Arrays benefit from cache locality: when you read element 0, the CPU likely preloads elements 1, 2, 3... into its fast cache because they're right next door. A linked list's nodes can be scattered all over memory, causing constant cache misses and slowing down even simple traversal. So, while linked lists excel at frequent, arbitrary insertions/deletions, they are typically slower for sequential access than a well-used array.

Data structures for beginners: linked list fundamentals

Think of a singly linked list node as the simplest possible "smart container". It holds data and knows about exactly one other container.

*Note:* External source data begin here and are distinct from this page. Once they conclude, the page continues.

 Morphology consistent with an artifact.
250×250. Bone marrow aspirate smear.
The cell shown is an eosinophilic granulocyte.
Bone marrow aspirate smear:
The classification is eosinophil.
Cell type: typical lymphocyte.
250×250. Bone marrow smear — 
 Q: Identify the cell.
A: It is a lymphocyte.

This simple pattern—a self-referential structure with a next pointer—is a fundamental building block.

Once you understand how to chain these nodes together, you can build more complex structures by simply changing the rules of connection:

Stack (LIFO)

Just a linked list where you only add/remove at the head.

Queue (FIFO)

A linked list with a tail pointer, adding at the tail and removing from the head.

Trees & Graphs

Nodes with multiple pointers (like left, right). The core idea is the same.

In computer science, we separate the what (the Abstract Data Type, or ADT) from the how (the data structure). The ADT "list" promises operations like insert and delete. A linked list is one way to fulfill that promise—using dynamic nodes and pointers. Another way is an array (contiguous memory). Understanding the linked list implementation gives you a mental model for how dynamic, pointer-based structures work under the hood.

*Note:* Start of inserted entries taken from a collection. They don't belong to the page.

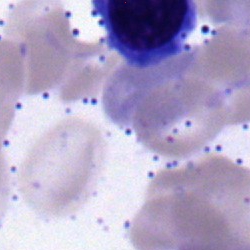
The morphological class is normoblast.
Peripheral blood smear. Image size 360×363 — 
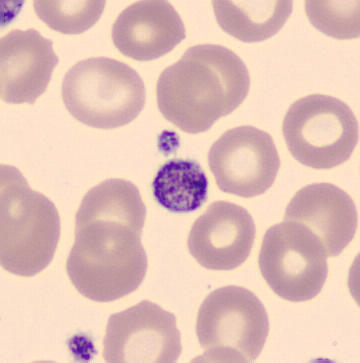
Platelet.
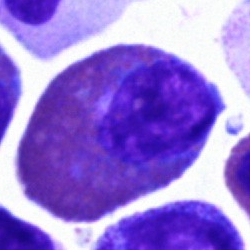This is an eosinophil.
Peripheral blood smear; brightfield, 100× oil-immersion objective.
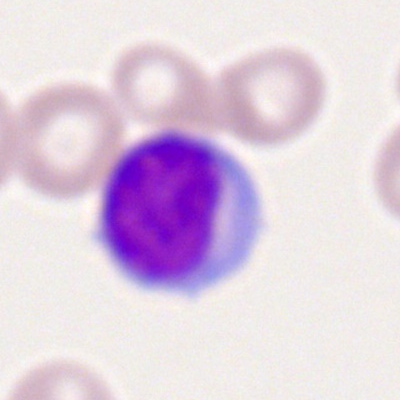 This is a lymphocyte.

Common Pitfall: Assuming Constant-Time Indexing

A critical insight from our train analogy: to reach the fifth car, you must start at the engine and walk forward, counting each coupling. There is no way to jump directly to "position 5."

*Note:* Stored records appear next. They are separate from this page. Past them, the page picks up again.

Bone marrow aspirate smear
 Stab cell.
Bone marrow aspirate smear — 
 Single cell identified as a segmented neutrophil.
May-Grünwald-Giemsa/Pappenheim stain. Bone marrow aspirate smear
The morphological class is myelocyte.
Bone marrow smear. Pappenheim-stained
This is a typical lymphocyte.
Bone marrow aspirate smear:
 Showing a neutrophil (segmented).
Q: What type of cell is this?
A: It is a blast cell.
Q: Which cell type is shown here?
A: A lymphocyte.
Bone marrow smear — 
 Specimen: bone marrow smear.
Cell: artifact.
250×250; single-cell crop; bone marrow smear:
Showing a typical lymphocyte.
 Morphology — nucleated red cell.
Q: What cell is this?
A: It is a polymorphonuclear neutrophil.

This means accessing an element by its index (like list[5]) is an O(n) operation. The time it takes grows linearly with how far you want to go.

Simulation: The Cost of Traversal

Watch how the computer "walks" through the list to find a specific index. Unlike an array, it cannot teleport.

0
Head
1
Node
2
Node
3
Node
4
Tail
Current
Target Index: 3
Ready to traverse...

The Code Behind the Walk

// Start at the first car
Node* current = head;

// Walk 'index' steps forward
for (int i = 0; i < index; i++) {
    // Check if we fell off the end
    if (current == NULL) {
        return NULL; 
    }
    // Follow the coupling to next car
    current = current->next;   
}
// Found the target car
return current;

The for loop is the walk. If index is 1000, you must perform up to 1000 pointer dereferences (current->next). This is fundamentally different from an array, where array[1000] calculates the memory address instantly (base address + element size * 1000), a constant-time O(1) operation.

Why this matters: If your algorithm frequently needs random access (e.g., "give me the 500th element"), a linked list will be dramatically slower than an array. The linked list's strength is efficient insertion/deletion once you're already at the correct position, and efficient sequential traversal. Never assume it provides fast random access—that's the array's job.

Linked list in C: setting up the environment

Welcome to the "under the hood" experience. If you've programmed in Python or Java, you're used to references feeling like magic—just assign node.next = other_node and the computer handles the rest.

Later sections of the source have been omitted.